(Provided records begins)

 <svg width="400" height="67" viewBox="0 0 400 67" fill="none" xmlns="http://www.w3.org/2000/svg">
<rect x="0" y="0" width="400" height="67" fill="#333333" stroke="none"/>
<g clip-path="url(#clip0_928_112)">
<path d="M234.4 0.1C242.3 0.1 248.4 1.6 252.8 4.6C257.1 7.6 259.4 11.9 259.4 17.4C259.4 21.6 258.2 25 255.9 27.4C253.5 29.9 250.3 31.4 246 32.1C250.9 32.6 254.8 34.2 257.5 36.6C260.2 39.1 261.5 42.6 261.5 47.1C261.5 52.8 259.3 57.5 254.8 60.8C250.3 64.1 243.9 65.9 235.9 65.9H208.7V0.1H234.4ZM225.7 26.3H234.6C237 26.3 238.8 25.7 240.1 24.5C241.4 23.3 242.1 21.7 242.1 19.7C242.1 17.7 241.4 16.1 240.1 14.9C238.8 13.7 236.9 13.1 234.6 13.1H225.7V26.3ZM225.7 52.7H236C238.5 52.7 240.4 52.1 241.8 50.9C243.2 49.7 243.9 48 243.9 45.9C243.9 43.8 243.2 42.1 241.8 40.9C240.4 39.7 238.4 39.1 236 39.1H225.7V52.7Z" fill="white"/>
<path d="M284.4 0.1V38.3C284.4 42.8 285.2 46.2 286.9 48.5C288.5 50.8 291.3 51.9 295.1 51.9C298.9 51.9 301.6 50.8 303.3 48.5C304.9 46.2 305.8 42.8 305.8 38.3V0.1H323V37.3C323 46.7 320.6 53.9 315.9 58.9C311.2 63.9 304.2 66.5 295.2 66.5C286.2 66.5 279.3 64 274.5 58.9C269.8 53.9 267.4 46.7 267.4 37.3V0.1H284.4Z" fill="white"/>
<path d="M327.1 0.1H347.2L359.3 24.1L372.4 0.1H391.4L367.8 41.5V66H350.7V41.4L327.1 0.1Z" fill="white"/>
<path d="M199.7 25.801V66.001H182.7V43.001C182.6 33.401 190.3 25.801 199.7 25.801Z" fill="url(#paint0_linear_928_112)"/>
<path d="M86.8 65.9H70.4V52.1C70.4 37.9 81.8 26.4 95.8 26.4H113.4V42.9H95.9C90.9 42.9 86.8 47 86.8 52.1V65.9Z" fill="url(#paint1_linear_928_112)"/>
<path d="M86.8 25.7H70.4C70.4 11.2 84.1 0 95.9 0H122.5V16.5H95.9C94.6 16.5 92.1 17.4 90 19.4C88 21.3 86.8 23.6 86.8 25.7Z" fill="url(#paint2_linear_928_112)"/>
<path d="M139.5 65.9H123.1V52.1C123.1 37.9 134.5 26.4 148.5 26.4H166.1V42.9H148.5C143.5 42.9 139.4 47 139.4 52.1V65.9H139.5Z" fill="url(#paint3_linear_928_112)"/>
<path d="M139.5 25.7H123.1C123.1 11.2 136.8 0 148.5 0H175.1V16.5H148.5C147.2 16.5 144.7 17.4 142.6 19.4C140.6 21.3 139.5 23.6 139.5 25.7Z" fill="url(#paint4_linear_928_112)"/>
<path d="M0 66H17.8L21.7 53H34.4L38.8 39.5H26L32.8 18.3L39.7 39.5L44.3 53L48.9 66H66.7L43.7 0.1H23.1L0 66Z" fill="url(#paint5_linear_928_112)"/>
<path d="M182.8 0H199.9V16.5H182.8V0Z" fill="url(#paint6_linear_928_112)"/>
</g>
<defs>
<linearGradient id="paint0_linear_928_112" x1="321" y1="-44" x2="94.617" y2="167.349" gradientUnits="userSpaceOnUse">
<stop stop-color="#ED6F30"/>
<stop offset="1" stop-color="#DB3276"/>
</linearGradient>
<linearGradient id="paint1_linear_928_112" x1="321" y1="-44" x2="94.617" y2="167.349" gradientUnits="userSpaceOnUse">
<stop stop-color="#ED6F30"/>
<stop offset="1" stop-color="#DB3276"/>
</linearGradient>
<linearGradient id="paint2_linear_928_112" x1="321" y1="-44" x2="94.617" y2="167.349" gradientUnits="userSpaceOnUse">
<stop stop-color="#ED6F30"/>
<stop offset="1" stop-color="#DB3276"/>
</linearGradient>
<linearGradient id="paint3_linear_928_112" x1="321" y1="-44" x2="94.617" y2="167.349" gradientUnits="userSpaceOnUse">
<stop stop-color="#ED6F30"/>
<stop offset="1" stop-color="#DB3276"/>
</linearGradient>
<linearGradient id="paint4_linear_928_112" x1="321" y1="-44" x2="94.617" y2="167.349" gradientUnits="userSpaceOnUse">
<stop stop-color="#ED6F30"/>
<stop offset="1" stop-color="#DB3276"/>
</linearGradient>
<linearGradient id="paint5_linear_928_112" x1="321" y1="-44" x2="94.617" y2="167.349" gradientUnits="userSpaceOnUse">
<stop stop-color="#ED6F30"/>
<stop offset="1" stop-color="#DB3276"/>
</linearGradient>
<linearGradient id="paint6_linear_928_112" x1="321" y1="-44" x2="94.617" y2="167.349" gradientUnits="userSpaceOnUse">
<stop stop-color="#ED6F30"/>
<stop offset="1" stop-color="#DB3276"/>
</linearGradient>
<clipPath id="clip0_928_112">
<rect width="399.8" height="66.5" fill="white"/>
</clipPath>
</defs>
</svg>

(Provided records ends)

■ **Your instructions**
Reproduce every line in the records above that contains the word "rect".

■ **Task answer**
<rect x="0" y="0" width="400" height="67" fill="#333333" stroke="none"/>
<rect width="399.8" height="66.5" fill="white"/>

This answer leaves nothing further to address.